**Data in this exercise**
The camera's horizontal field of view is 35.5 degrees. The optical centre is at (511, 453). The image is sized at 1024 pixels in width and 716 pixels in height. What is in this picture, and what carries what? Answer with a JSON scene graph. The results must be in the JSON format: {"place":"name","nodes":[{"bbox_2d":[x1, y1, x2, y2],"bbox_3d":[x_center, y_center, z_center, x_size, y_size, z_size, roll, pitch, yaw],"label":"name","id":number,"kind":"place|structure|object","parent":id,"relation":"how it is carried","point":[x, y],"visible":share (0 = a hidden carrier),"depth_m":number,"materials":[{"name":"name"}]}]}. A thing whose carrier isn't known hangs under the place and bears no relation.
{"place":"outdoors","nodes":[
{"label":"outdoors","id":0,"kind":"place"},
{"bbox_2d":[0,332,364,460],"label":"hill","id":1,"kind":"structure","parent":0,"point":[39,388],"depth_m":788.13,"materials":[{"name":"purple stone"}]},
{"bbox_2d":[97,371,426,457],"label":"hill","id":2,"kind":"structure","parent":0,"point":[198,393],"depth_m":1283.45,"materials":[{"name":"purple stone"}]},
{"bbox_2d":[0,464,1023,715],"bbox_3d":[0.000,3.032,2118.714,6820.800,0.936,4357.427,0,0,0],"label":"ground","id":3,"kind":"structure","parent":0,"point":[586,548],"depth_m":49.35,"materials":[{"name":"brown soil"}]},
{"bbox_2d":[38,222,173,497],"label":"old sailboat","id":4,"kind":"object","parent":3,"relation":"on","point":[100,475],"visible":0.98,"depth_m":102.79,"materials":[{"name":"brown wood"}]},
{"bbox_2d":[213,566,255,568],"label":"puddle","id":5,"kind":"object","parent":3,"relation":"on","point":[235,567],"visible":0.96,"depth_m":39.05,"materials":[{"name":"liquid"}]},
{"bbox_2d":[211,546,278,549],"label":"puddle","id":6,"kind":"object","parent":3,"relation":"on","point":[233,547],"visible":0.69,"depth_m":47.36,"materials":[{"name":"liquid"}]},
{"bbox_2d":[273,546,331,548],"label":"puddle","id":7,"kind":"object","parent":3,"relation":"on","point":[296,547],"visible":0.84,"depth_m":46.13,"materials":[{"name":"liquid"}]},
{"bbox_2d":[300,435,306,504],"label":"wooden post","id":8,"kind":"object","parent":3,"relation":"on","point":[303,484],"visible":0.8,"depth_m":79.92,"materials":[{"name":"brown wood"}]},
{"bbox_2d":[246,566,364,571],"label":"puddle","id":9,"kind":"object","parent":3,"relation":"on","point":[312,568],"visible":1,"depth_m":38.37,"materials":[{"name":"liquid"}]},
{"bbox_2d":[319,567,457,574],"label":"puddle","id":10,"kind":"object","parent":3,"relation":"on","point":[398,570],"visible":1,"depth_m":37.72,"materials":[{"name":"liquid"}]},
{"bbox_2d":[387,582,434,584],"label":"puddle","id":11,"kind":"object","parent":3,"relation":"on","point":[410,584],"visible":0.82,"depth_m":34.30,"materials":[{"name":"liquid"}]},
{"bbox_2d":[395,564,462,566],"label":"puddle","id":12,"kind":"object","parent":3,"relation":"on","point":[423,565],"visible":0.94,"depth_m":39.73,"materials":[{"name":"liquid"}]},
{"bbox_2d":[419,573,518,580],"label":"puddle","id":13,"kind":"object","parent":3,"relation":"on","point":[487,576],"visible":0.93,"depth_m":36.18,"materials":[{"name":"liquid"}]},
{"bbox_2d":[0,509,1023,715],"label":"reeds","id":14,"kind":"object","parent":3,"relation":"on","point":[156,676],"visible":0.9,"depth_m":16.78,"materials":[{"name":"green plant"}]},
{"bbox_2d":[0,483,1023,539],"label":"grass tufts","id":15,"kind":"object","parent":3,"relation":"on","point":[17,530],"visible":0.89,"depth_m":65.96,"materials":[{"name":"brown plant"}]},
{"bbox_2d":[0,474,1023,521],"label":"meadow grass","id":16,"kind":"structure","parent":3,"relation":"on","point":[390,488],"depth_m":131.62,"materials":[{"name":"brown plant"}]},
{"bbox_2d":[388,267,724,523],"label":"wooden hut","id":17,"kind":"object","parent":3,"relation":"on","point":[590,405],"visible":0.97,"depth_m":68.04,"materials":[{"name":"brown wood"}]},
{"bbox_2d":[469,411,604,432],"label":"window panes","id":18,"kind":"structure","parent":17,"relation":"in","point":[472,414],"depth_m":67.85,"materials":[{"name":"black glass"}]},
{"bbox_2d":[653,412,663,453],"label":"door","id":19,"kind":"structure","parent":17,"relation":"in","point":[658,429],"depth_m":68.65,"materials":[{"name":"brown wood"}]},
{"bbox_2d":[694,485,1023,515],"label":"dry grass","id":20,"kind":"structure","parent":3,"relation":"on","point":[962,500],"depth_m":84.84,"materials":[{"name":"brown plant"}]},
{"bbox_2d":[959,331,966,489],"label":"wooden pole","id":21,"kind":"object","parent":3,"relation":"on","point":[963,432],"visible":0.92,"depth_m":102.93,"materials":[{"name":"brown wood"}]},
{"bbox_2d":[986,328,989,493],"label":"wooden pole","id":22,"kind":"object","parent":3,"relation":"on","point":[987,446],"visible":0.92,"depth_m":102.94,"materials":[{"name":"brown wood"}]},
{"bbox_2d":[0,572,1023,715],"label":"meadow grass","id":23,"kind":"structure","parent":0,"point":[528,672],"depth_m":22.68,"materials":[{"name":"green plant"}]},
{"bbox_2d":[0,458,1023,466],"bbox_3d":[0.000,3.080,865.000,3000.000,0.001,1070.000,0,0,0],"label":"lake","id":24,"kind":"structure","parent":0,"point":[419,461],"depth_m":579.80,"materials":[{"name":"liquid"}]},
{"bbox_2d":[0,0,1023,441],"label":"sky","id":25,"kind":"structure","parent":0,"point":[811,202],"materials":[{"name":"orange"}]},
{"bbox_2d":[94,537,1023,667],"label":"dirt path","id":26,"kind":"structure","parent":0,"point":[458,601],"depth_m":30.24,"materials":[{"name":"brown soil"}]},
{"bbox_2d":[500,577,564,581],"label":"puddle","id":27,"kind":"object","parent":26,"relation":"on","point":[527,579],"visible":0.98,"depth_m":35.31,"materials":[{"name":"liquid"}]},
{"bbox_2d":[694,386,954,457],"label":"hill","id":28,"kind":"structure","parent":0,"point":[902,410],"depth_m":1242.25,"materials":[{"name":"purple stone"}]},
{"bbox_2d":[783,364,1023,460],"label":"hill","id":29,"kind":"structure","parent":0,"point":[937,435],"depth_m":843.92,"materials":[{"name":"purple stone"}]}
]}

...

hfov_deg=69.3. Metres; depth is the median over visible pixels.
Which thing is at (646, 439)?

**Task objective**
Here the output must be the lines above from the line with "hfov_deg=69.3. Metres; depth" to the line with "Which thing is at (646, 439)?", both included, duplicated word for word and nothing else.

**Answer to the exercise**
hfov_deg=69.3. Metres; depth is the median over visible pixels.
Which thing is at (646, 439)?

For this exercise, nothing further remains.